If you don’t know the VPC of your Redshift cluster, follow these quick steps:
- Open a new tab.
- Go to your AWS management console.
- Type “Redshift” in the Find Services field.
- Click on Clusters in the left nav.
- Click on a cluster that you will want Netskope One DSPM to scan.
- In the top nav under the Cluster name, click on Properties.
- Scroll down to “Network and security”. Find “VPC”.
Important Note: Please leave all other options as default. Specifically, we strongly recommend keeping Shutdown behavior as "Stop." Stop will prevent Netskope One DSPM data stored on EBS volumes from being deleted, should you reinstall Netskope One DSPM later.
Add Storage
- We recommend an EBS volume size of at least 40 GB for your Netskope One DSPM EC2 instance. However, EBS volume may vary based on both your query volume and your data retention needs. Please check with your Netskope One DSPM Customer Success Manager if a different EBS volume is recommended.
- Keep all other defaults.
- Netskope One DSPM stores data on its own local database. If you would like this data to be encrypted at rest, select the KMS Key Alias/Key ID you would like to use to encrypt the EBS volume associated with the Netskope One DSPM instance.

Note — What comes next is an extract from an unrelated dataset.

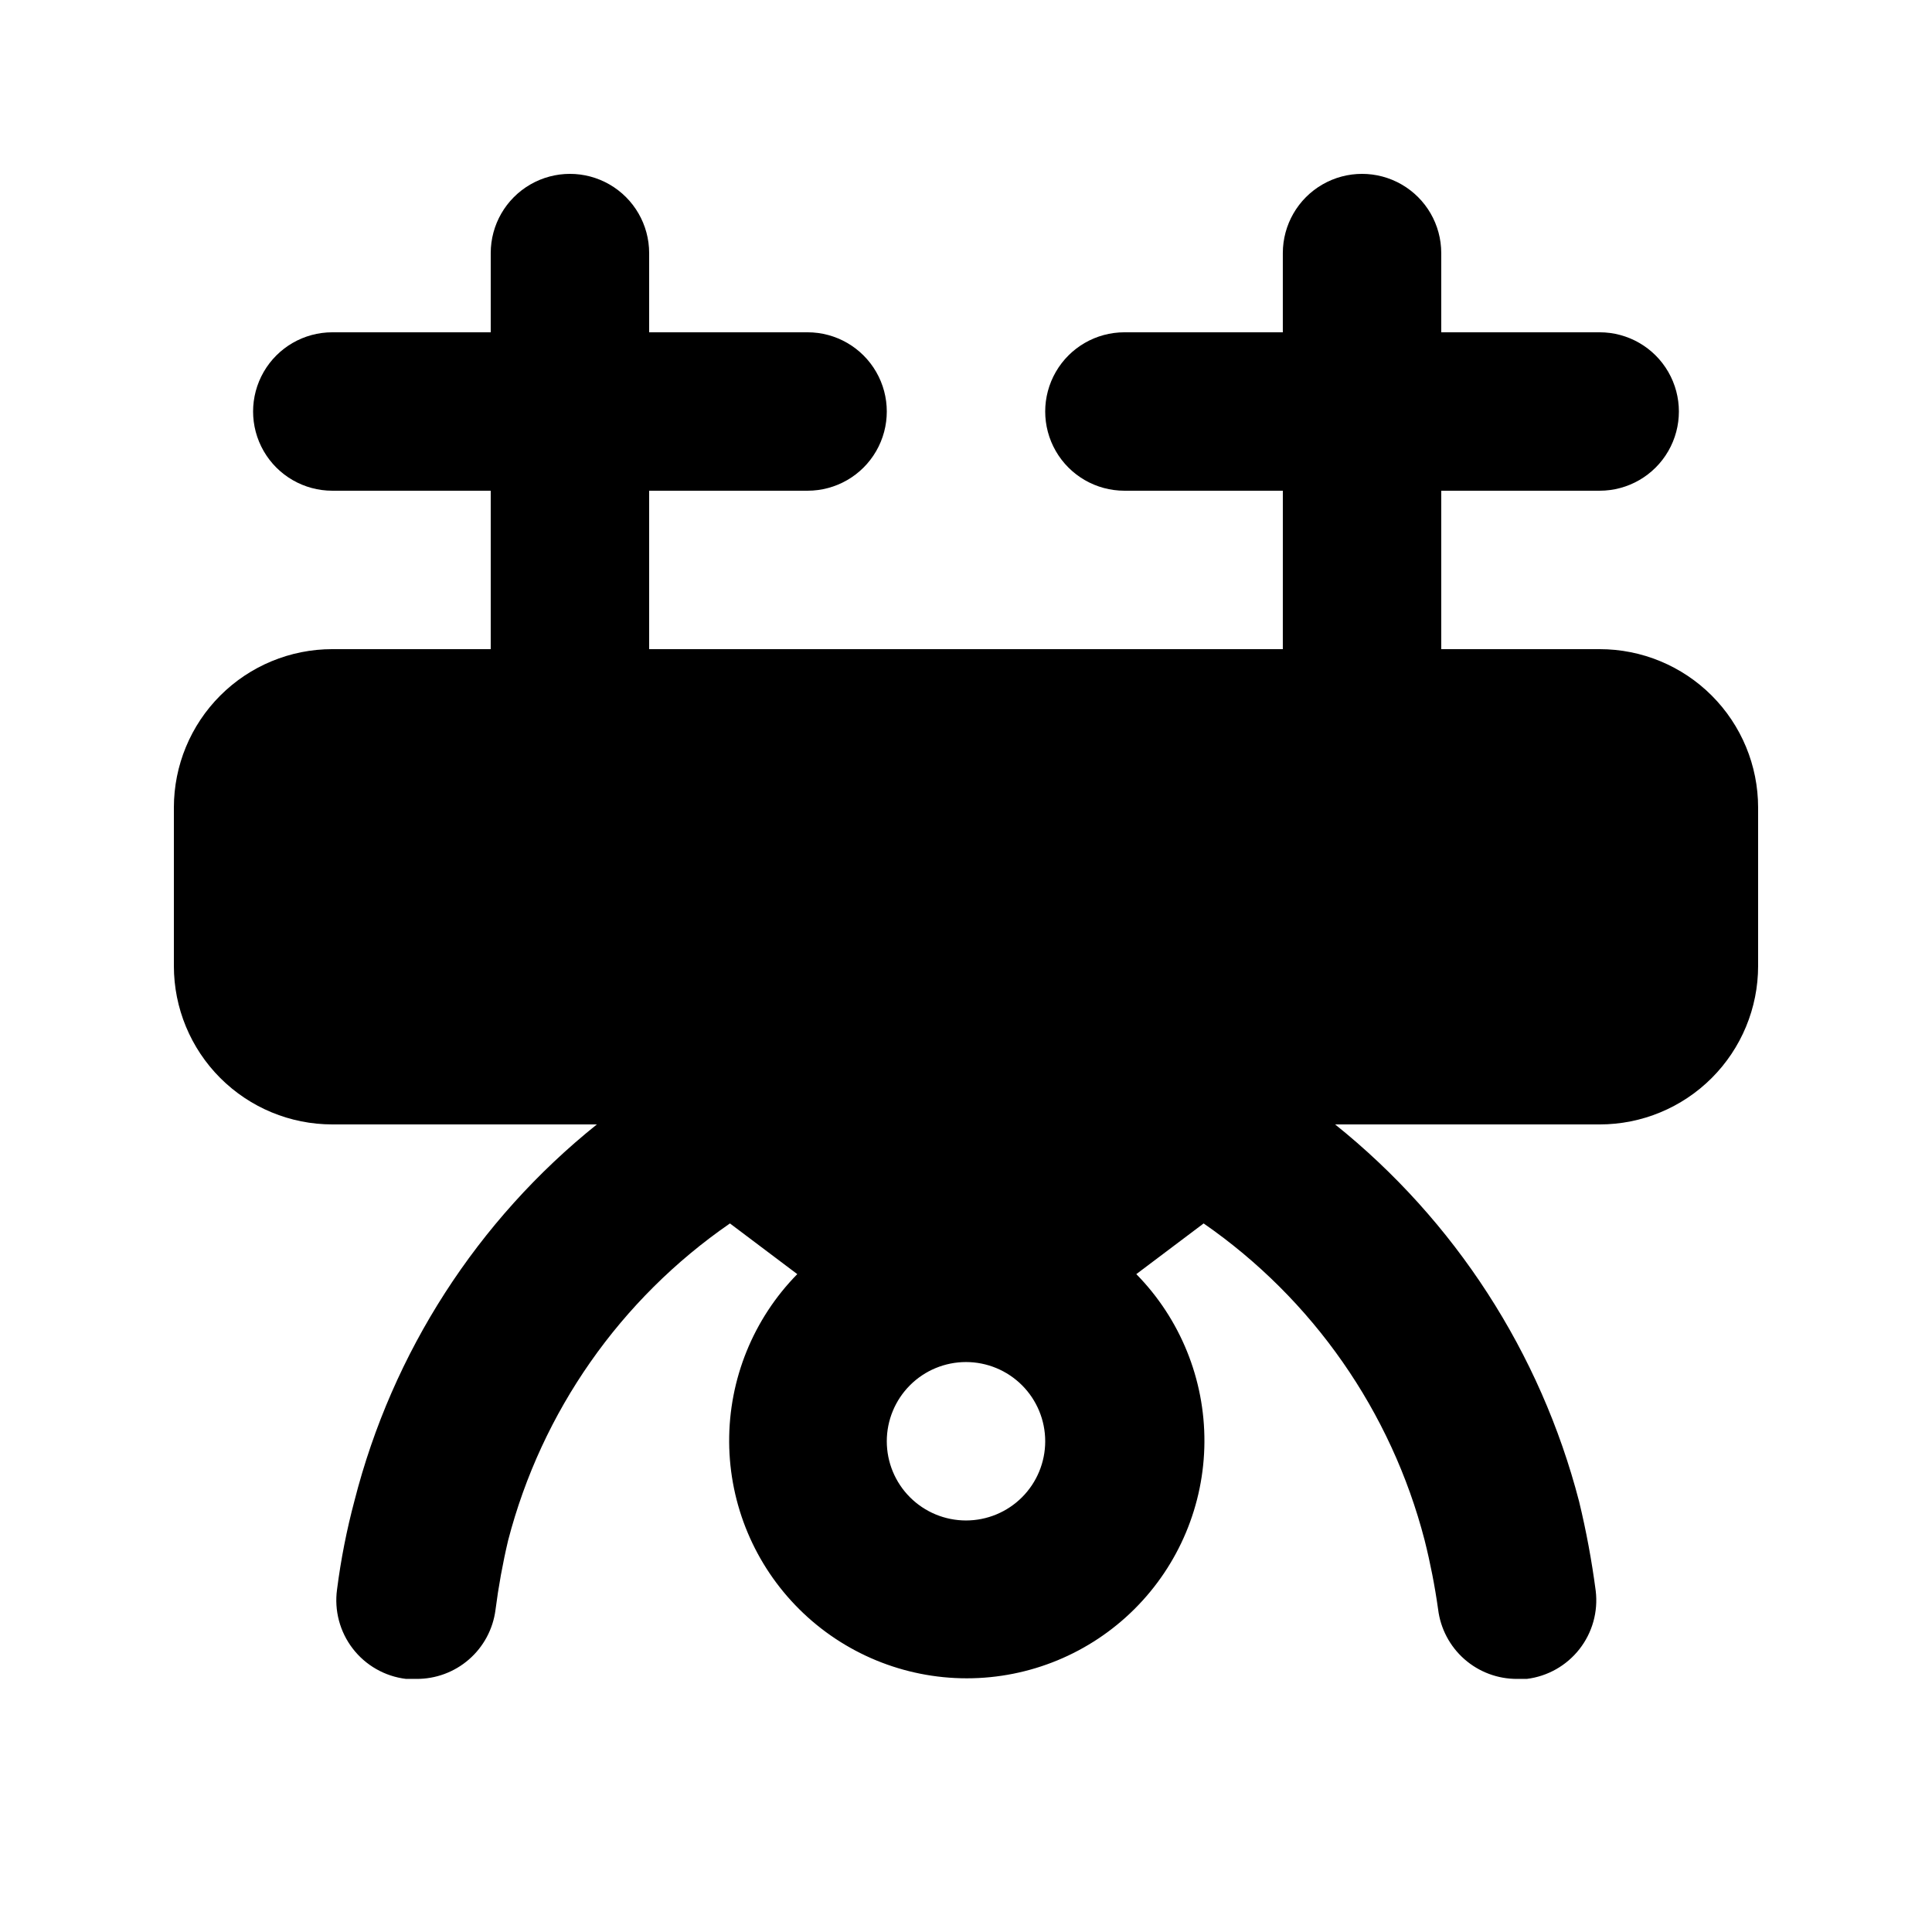 <?xml version="1.0" encoding="UTF-8"?>
<!-- Uploaded to: ICON Repo, www.iconrepo.com, Generator: ICON Repo Mixer Tools -->
<svg fill="#000000" width="800px" height="800px" version="1.1" viewBox="144 144 512 512" xmlns="http://www.w3.org/2000/svg">
 <path d="m567.93 316.03h-41.984v-41.984h41.984c7.5 0 14.43-4 18.18-10.496 3.75-6.496 3.75-14.496 0-20.992s-10.68-10.496-18.18-10.496h-41.984v-20.992c0-7.5-4-14.43-10.496-18.18-6.492-3.75-14.496-3.75-20.992 0-6.492 3.75-10.496 10.68-10.496 18.18v20.992h-41.98c-7.5 0-14.43 4-18.18 10.496s-3.75 14.496 0 20.992c3.75 6.496 10.68 10.496 18.18 10.496h41.984l-0.004 41.984h-167.93v-41.984h41.984c7.5 0 14.43-4 18.18-10.496 3.75-6.496 3.75-14.496 0-20.992s-10.68-10.496-18.18-10.496h-41.984v-20.992c0-7.5-4.004-14.43-10.496-18.18-6.496-3.75-14.496-3.75-20.992 0-6.496 3.75-10.496 10.68-10.496 18.18v20.992h-41.984c-7.5 0-14.43 4-18.18 10.496s-3.75 14.496 0 20.992c3.75 6.496 10.68 10.496 18.18 10.496h41.984v41.984h-41.984c-11.137 0-21.812 4.422-29.688 12.297-7.875 7.871-12.297 18.551-12.297 29.688v41.984c0 11.133 4.422 21.812 12.297 29.688 7.875 7.871 18.551 12.297 29.688 12.297h70.113c-31.664 25.387-54.211 60.383-64.234 99.711-2.062 7.727-3.606 15.578-4.621 23.512-0.773 5.574 0.727 11.227 4.16 15.688 3.434 4.461 8.516 7.356 14.105 8.031h2.731-0.004c5.125 0.043 10.09-1.789 13.957-5.152 3.867-3.363 6.371-8.027 7.035-13.109 0.797-6.211 1.918-12.379 3.359-18.473 8.879-34.137 29.742-63.941 58.777-83.969l17.844 13.434c-11.66 11.871-18.148 27.871-18.051 44.508 0.098 16.637 6.773 32.562 18.574 44.289 11.801 11.73 27.762 18.316 44.398 18.316 16.641 0 32.602-6.586 44.402-18.316 11.797-11.727 18.477-27.652 18.574-44.289 0.098-16.637-6.391-32.637-18.051-44.508l17.844-13.434c28.953 20.062 49.738 49.863 58.566 83.969 1.512 6.019 2.703 12.117 3.566 18.262 0.621 5.121 3.102 9.836 6.973 13.242 3.875 3.406 8.863 5.269 14.02 5.231h2.519c5.508-0.68 10.52-3.516 13.941-7.883 3.422-4.363 4.977-9.906 4.324-15.418-1.047-7.981-2.516-15.898-4.41-23.719-10.223-39.406-32.902-74.453-64.656-99.922h70.113c11.137 0 21.816-4.426 29.688-12.297 7.875-7.875 12.297-18.555 12.297-29.688v-41.984c0-11.137-4.422-21.816-12.297-29.688-7.871-7.875-18.551-12.297-29.688-12.297zm-167.93 230.91c-5.57 0-10.91-2.211-14.844-6.148-3.938-3.934-6.148-9.273-6.148-14.844 0-5.566 2.211-10.906 6.148-14.844 3.934-3.934 9.273-6.148 14.844-6.148 5.566 0 10.906 2.215 14.844 6.148 3.934 3.938 6.148 9.277 6.148 14.844 0 5.57-2.215 10.91-6.148 14.844-3.938 3.938-9.277 6.148-14.844 6.148z"/>
</svg>

- Click Next: Add Tags at the bottom of the page.
Add Tags
- Add any instance tags you require.
- Click Next: Configure Security Group.
Configure Security Groups
- A security group should be created with the minimum set of ports. If required, name and adjust the security group according to your security requirements.
- The default recommended security group uses SSH (port 22), and HTTP (port 80) for access to the instance. The range of allowed IPs should be tailored to your needs.
- Click Review and Launch.
Recommendation: Putting Netskope One DSPM into the same security group your Redshift clusters are in is an easy way to avoid connection problems. Note, however, that the security group must allow HTTP on port 80. We also recommend including SSH port 22 so you can have SSH access to the machine.If you don’t know the security group of your Redshift cluster, follow these quick steps:
- Open a new tab.
- Go to your AWS management console.
- Type “Redshift” in the Find Services field.
- Click on Clusters in the left nav.
- Click on a cluster that you will want Netskope One DSPM to scan.
- In the top nav under the Cluster name, click on Properties.
- Scroll down to “Network and security”. Find “VPC security group”
Review Instance Launch
You’re now ready to launch your Netskope One DSPM AMI. Hit the blue Launch Instance button at the bottom-right corner.
AWS will ask you to “Select an existing key pair or create a new key pair”. This is for SSH access to the Netskope One DSPM EC2 instance. You can choose an existing key pair, create a new key pair, or proceed without a key pair.
Wait a few minutes until the Netskope One DSPM instance is launched, you can then access Netskope One DSPM by entering the hostname or IP of the instance into a web browser.
Configure Proxy Settings
If your VPC and subnet has no public IP and/or routes traffic through a proxy, SSH into the instance.
Run:
discovery stop
to stop the Netskope One DSPM application. Then, add the following lines to .bashrc (replacing with your own proxy address).
export HTTP_PROXY=12.34.56.78:9000 export HTTPS_PROXY=12.34.56.78:9000
Finally, restart the Netskope One DSPM instance:
discovery start
Congratulations! Your Netskope One DSPM instance has now been launched. The launch process may take a few minutes.